With various stylish restaurants opening in the area, and the Chinese food rivals developing in every shopping center offering chicken-fried rice of $4.75, China Star has neither product nor price to compete with. It soon entered the Negative Entropy state of an open system. The restaurant failed to take advantage of its surrounding office buildings and residents, most of all, the excellent economy during the late 1990's. Its business fell into the typical "cheap carry-out Chinese food" image. The dine-in customers felt bored sitting in a typical Chinese restaurant, while they can hang out in a lively place with TV and live band just 3 blocks away. People came to China Star for cheap food only, and carryout orders save tips. But even carryout orders declined soon.

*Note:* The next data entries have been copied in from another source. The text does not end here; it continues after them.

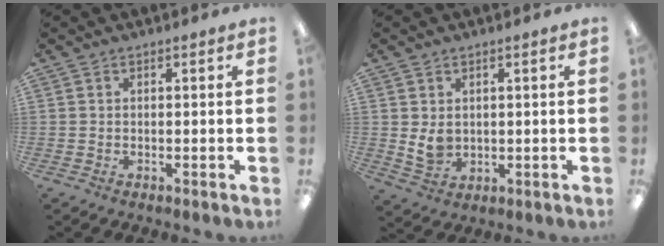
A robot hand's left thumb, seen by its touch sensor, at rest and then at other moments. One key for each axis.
{"total": 4.6, "fx": 1.2, "fy": 3.4, "fz": 2.9, "tx": -0.070, "ty": -0.010, "tz": 0.018}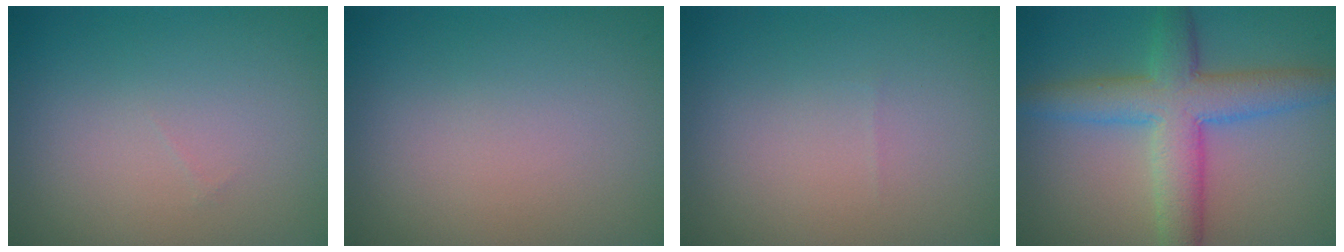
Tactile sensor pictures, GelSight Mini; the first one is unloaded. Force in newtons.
{"total": 0.0}
{"total": 0.0}
{"total": 6.7, "press": 6.7, "slide": 0.2}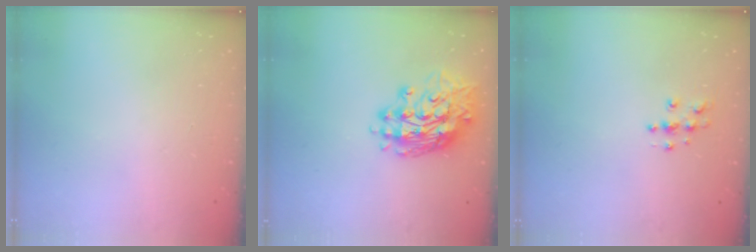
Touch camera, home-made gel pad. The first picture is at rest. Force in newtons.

During the peak lunch time the telephone order volume is extremely high. Customers often have to be put on hold since there is only one person responsible for taking the orders, send them to the kitchen, pack the orders, and sometimes phone the customer back--- again the input is not sufficient. It's easy to make a mistake with disastrous result: one, sometimes two if the orders are switched, very angry and hungry customers that would never recommend this restaurant to others, and food that cannot be resold.

Although this system was obviously moving toward its death in a highly competitive environment, the owner wasn't actively seeking solutions. The waiter and other employees were often telling him customers' comments, giving him advises--which applies the "feedback" principle in the open system theory, but he had ignored them all. (the restaurant was finally redecorated a few years ago, other changes unknown)

It's actually not very hard for China Star to start a better cyclic. Restaurants are relatively less-complicate organizations. The most important principles are inputs and feedbacks. The restaurant could increase the human, material, information inputs, and adapt more the changing environments, for example, revise the menu and serve one-of-a-kind Chinese appetizers with Chinese wines and expensive, authentic green teas; hire more waiters and a few performer play soothing music with Chinese traditional instrument for the exhausted people at the end of the day; construct a website for the restaurant and make the carryout ordering web-enabled.

And of course, listen to the feedbacks, both from the outside and inside of the organization. As these changes apply, the restaurant will also increase the price on its menu, without worrying about irritating its customers. As mentioned before Reston is a high-income area where people are more into "style" and willing to pay more to have a good time or feel special. Once the restaurant has established its reputation and attracts certain group of loyal customers, its sales will become stable and the organization enters the steady state until the environment changes again.